──────── Material for this exercise ────────
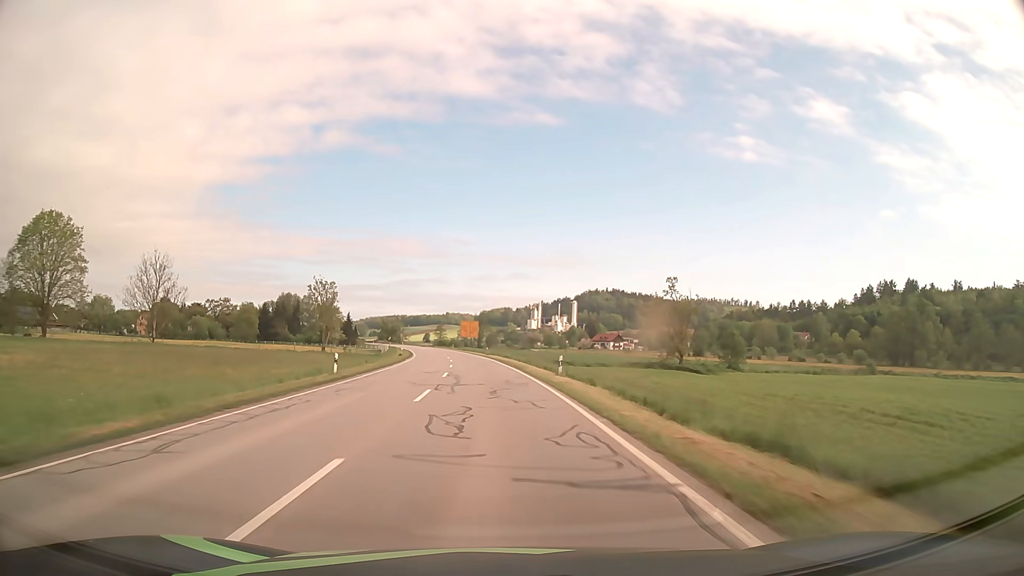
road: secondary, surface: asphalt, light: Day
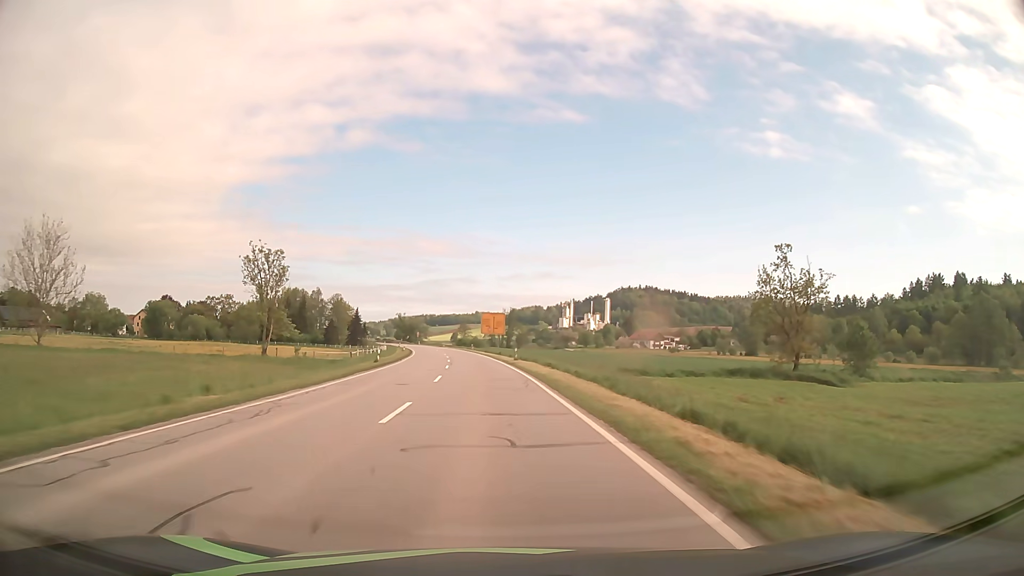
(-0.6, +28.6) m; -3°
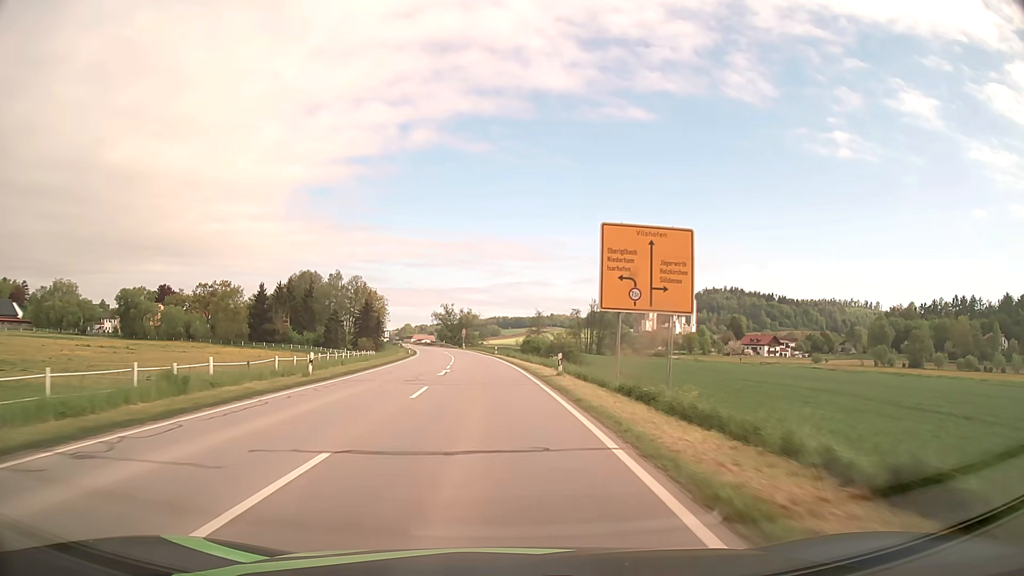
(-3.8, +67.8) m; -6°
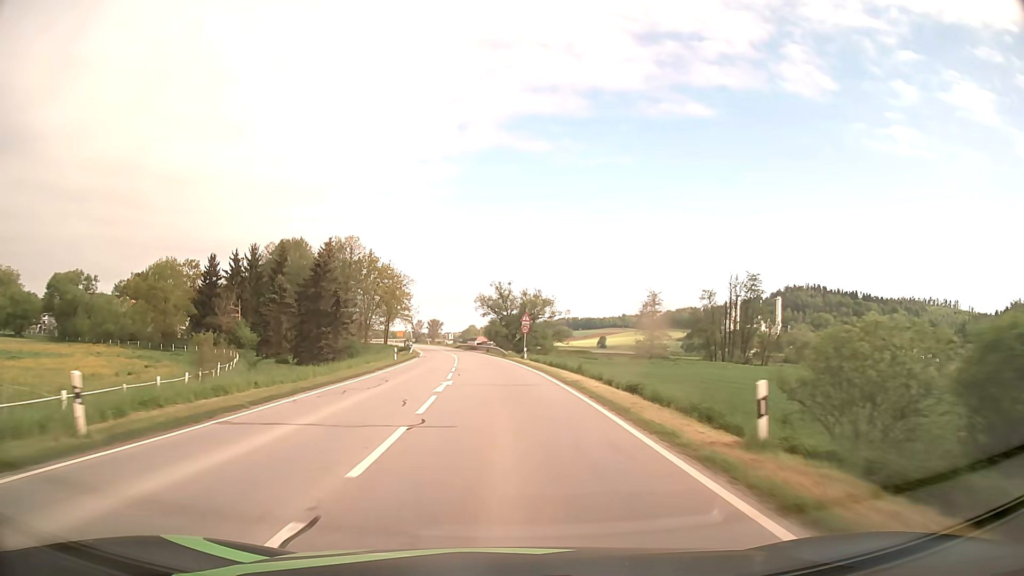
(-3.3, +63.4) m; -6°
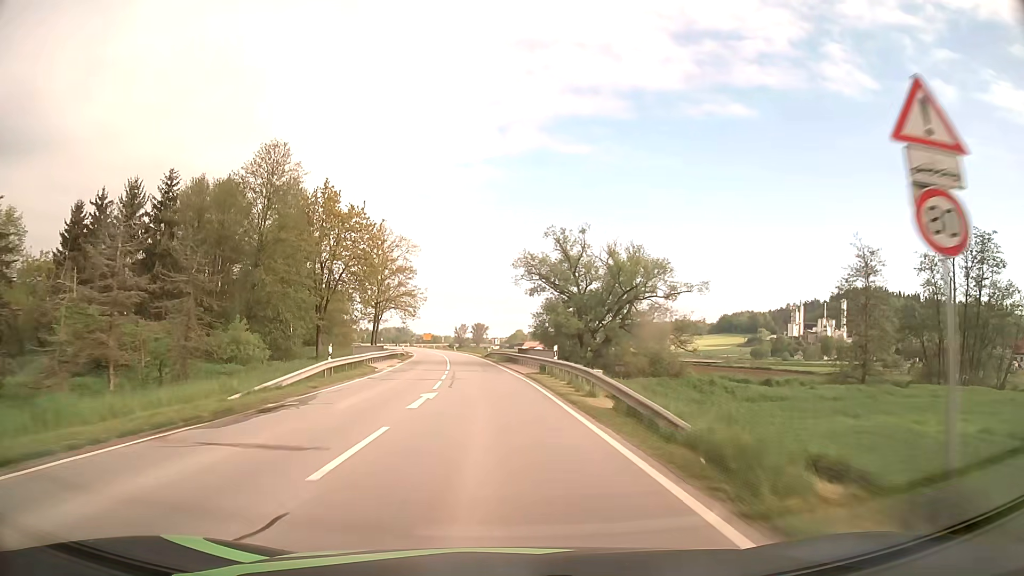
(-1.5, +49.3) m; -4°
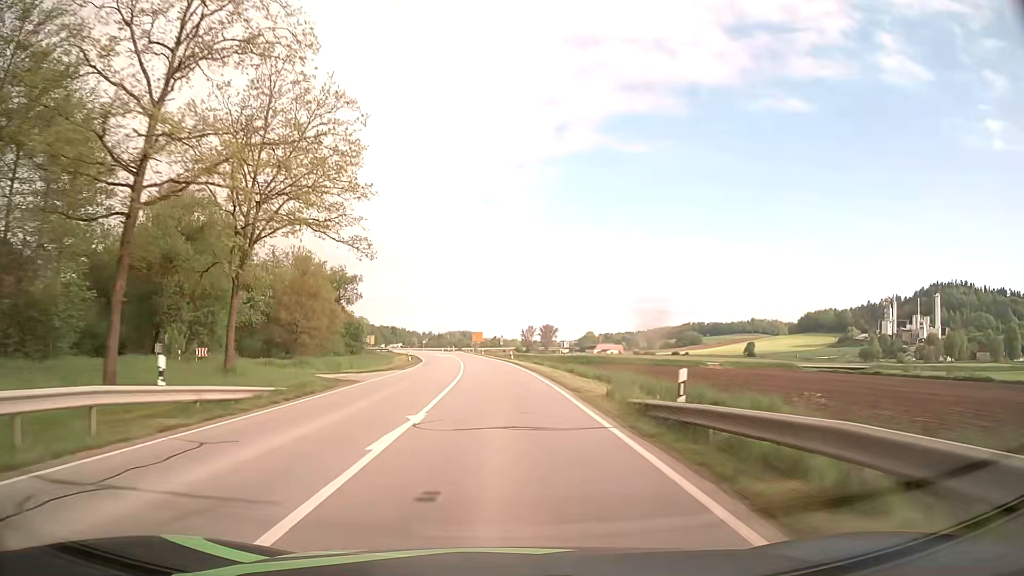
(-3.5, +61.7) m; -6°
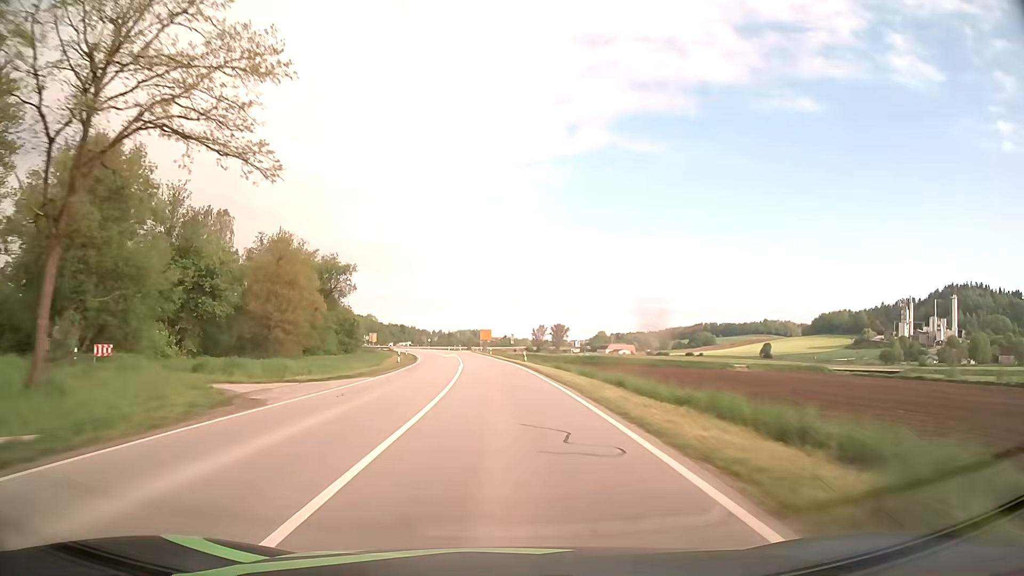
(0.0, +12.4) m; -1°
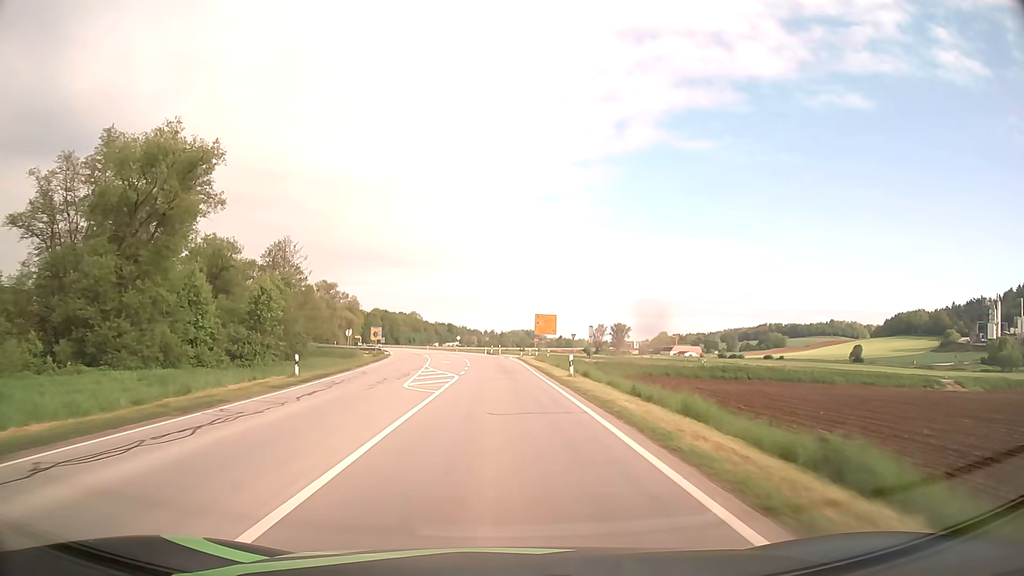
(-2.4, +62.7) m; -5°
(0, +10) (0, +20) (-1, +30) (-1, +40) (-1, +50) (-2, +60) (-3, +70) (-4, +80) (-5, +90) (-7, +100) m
────────
* _What to do_
All of the entries above need to be repeated exactly, minus the pictures.

* _Exercise answer_
road: secondary, surface: asphalt, light: Day
(-0.6, +28.6) m; -3°
(-3.8, +67.8) m; -6°
(-3.3, +63.4) m; -6°
(-1.5, +49.3) m; -4°
(-3.5, +61.7) m; -6°
(0.0, +12.4) m; -1°
(-2.4, +62.7) m; -5°
(0, +10) (0, +20) (-1, +30) (-1, +40) (-1, +50) (-2, +60) (-3, +70) (-4, +80) (-5, +90) (-7, +100) m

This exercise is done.